What Dr. Koop Could Have Reported

What Dr. Koop Could Have Reported

David C. Reardon

While it is true that there was not, and still isn’t, any solid data for making any accurate estimate of how many women suffer from post-abortion psychological sequelae, there were three specific findings (readily substantiated by the literature available at that time) upon which to build valid conclusions and specific recommendations. The following is a summary of these points, which I personally communicated to Dr. Koop in a letter dated July 1, 1988.

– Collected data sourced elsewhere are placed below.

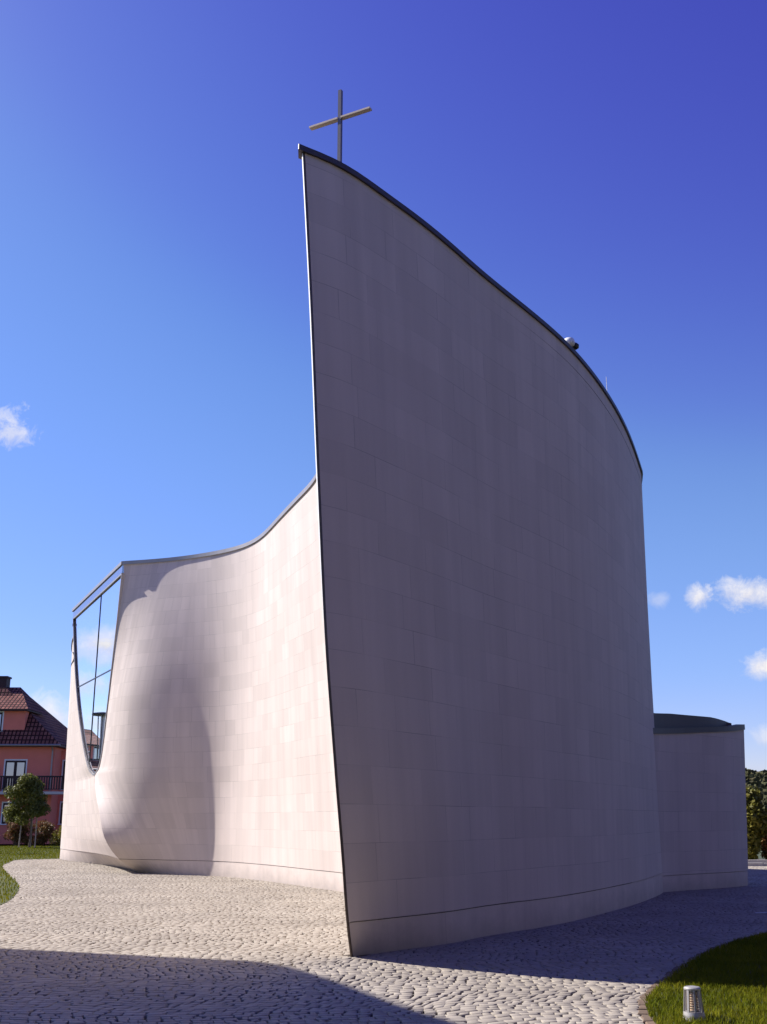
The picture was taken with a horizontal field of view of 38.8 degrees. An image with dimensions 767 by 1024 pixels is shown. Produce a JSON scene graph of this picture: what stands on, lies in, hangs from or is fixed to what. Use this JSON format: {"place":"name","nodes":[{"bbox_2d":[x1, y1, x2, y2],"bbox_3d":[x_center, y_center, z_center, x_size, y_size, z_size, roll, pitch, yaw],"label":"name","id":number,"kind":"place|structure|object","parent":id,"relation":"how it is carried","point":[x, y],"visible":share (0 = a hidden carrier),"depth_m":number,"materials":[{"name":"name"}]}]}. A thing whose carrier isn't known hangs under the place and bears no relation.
{"place":"outdoors","nodes":[
{"label":"outdoors","id":0,"kind":"place"},
{"bbox_2d":[0,845,106,904],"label":"lawn","id":1,"kind":"structure","parent":0,"point":[12,884],"depth_m":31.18,"materials":[{"name":"plant"}]},
{"bbox_2d":[18,818,21,846],"bbox_3d":[-21.056,18.580,63.081,0.105,1.721,0.074,6,-17,-22],"label":"tree stake","id":2,"kind":"object","parent":1,"relation":"on","point":[20,835],"visible":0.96,"depth_m":63.02,"materials":[{"name":"brown wood"}]},
{"bbox_2d":[2,773,51,846],"bbox_3d":[-20.969,17.433,63.683,2.802,4.259,2.948,0,-16,0],"label":"young tree","id":3,"kind":"object","parent":1,"relation":"on","point":[27,790],"visible":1,"depth_m":63.21,"materials":[{"name":"green plant"}]},
{"bbox_2d":[34,817,36,847],"bbox_3d":[-20.142,18.567,63.033,0.100,1.721,0.077,-6,-17,22],"label":"tree stake","id":4,"kind":"object","parent":1,"relation":"on","point":[35,833],"visible":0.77,"depth_m":62.99,"materials":[{"name":"brown wood"}]},
{"bbox_2d":[49,825,61,845],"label":"shrub","id":5,"kind":"object","parent":1,"relation":"on","point":[56,840],"visible":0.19,"depth_m":66.65,"materials":[{"name":"green plant"}]},
{"bbox_2d":[0,844,765,858],"bbox_3d":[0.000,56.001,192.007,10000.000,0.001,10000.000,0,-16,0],"label":"ground","id":6,"kind":"structure","parent":0,"point":[759,856],"depth_m":73.94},
{"bbox_2d":[3,820,34,845],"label":"shrub","id":7,"kind":"object","parent":6,"relation":"on","point":[14,830],"visible":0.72,"depth_m":67.25,"materials":[{"name":"green plant"}]},
{"bbox_2d":[0,676,67,843],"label":"house","id":8,"kind":"structure","parent":6,"relation":"on","point":[33,737],"depth_m":74.42,"materials":[{"name":"paint"}]},
{"bbox_2d":[0,802,14,824],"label":"window","id":9,"kind":"structure","parent":8,"relation":"in","point":[2,821],"depth_m":73.22,"materials":[{"name":"white paint"}]},
{"bbox_2d":[2,759,27,790],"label":"window","id":10,"kind":"structure","parent":8,"relation":"in","point":[12,767],"depth_m":74.03,"materials":[{"name":"white paint"}]},
{"bbox_2d":[57,801,62,824],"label":"window","id":11,"kind":"structure","parent":8,"relation":"in","point":[61,802],"depth_m":74.77,"materials":[{"name":"white paint"}]},
{"bbox_2d":[60,760,65,788],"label":"window","id":12,"kind":"structure","parent":8,"relation":"in","point":[63,761],"depth_m":75.54,"materials":[{"name":"white paint"}]},
{"bbox_2d":[22,819,56,845],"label":"shrub","id":13,"kind":"object","parent":6,"relation":"on","point":[45,827],"visible":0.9,"depth_m":67.16,"materials":[{"name":"green plant"}]},
{"bbox_2d":[745,768,766,810],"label":"woodland","id":14,"kind":"object","parent":6,"relation":"on","point":[754,778],"visible":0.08,"depth_m":495.37,"materials":[{"name":"green plant"}]},
{"bbox_2d":[0,857,766,1023],"bbox_3d":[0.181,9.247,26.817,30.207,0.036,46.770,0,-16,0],"label":"paving","id":15,"kind":"structure","parent":0,"point":[55,914],"depth_m":13.07,"materials":[{"name":"stone"}]},
{"bbox_2d":[60,89,747,956],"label":"church","id":16,"kind":"structure","parent":15,"relation":"on","point":[390,661],"depth_m":18.39,"materials":[{"name":"stone"}]},
{"bbox_2d":[72,561,124,774],"bbox_3d":[-10.500,6.028,39.295,0.350,6.912,8.580,8,-17,-25],"label":"window","id":17,"kind":"structure","parent":16,"relation":"in","point":[95,618],"depth_m":38.45,"materials":[{"name":"glass"}]},
{"bbox_2d":[637,932,766,1023],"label":"kerb","id":18,"kind":"structure","parent":15,"relation":"on","point":[644,1015],"depth_m":10.05,"materials":[{"name":"stone"}]},
{"bbox_2d":[746,785,766,859],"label":"tall shrub","id":19,"kind":"object","parent":15,"relation":"on","point":[756,813],"visible":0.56,"depth_m":41.15,"materials":[{"name":"green plant"}]},
{"bbox_2d":[748,863,766,865],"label":"kerb edge","id":20,"kind":"object","parent":15,"relation":"on","point":[757,864],"visible":0.13,"depth_m":38.60,"materials":[{"name":"concrete"}]},
{"bbox_2d":[748,860,766,862],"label":"wall","id":21,"kind":"structure","parent":15,"relation":"on","point":[757,861],"depth_m":40.01,"materials":[{"name":"concrete"}]},
{"bbox_2d":[760,803,766,859],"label":"tall shrub","id":22,"kind":"object","parent":15,"relation":"on","point":[764,847],"visible":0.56,"depth_m":41.28,"materials":[{"name":"green plant"}]},
{"bbox_2d":[0,0,766,770],"label":"sky","id":23,"kind":"structure","parent":0,"point":[603,163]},
{"bbox_2d":[642,931,766,1023],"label":"lawn","id":24,"kind":"structure","parent":0,"point":[715,993],"depth_m":10.11,"materials":[{"name":"plant"}]},
{"bbox_2d":[683,986,704,1020],"bbox_3d":[2.555,4.056,8.975,0.180,0.270,0.180,0,-16,0],"label":"bollard light","id":25,"kind":"object","parent":24,"relation":"on","point":[692,996],"visible":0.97,"depth_m":8.94,"materials":[{"name":"metal"}]}
]}

First, at least some women are psychologically disturbed by abortion. From clinical evidence it is clear that some suffer severe psychological maladjustments, while others have more moderate or mild coping problems. Short term follow up studies, of less than six months, typically report 10 to 20 percent of patients reporting significant psychological problems which they associate with their abortion experience. These findings are confounded by the fact that approximately 50 percent of women who previously agreed to participate in these followup studies subsequently refuse to do so. This high refusal rate may itself signify post-abortion avoidance behavior which may be indicative of other psychological sequelae.

Second, by examining those women who do experience psychological sequelae, pro-abortion researchers have identified approximately fourteen clearly defined characteristics (such as feelings of being coerced into the abortion, negative moral beliefs concerning abortion, prior mental health problems, or strong feelings of attachment to the unborn child) which are predictive of poor post-abortion adjustment.

Third, intake information at abortion clinics indicate that 60 to 80 percent of patients seeking abortion have one or more of these predisposing risk factors.

From these three facts we can conclude not only that some unknown number of women experience psychological problems following abortion, but that the majority of women seeking abortion appear to be at risk. How many of these at-risk women actually suffer post-abortion problems is not known. But the evidence is clearly sufficient to raise the concern that abortion may pose a significant public health threat. Therefore, further research should be given a high priority. In the meantime, a national effort should be undertaken to: 1) Help high risk patients avoid abortions; 2) Better inform and counsel patients about risks and alternatives prior to abortion; and 3) Offer better care and understanding to women who are struggling with psychological problems after their abortions.

In response to my suggestion, Dr. Koop sent me a personal letter stating that he understood my line of reasoning and would keep it in mind when preparing his report. He also noted that he had a copy of my book which included results of the first longterm followup study of women, an average of ten years post-abortion. Because this study was limited to a sample of 253 WEBA members, Dr. Koop pointed out that “it is impossible to make national generalizations” from such samples.

Dr. Koop’s observation is of course true, in the sense of making statistical generalizations, but it does not lessen the value of the WEBA sample in terms of gaining insights into at least the potential importance of the problem. After all, in any public health investigation one must always study the symptoms of the sick population before one can even begin to measure the extent of the illness in the general population. Unless the symptoms are identified first, it is impossible to ask the right questions of the general population. Indeed, the greatest methodological flaw of pro-abortion research is that researchers have concentrated their efforts on proving that psychiatric sequelae are rare without first defining the range of emotional and behavioral problems which women report as being associated with their abortion. In other words, rather than spend any time in actually studying the experience of women who suffer problems after an abortion, they have always been bent on marginalizing the affected women as a dysfunctional minority.

As one final note, it is curious that while Dr. Koop personally reported having seen my study, my research was not included in the extensive bibliography of materials which the Surgeon General’s assistant claimed to have studied in preparing the “report.” This omission is especially odd since all the studies which were included in the bibliography were also to be dismissed as “methodologically flawed.”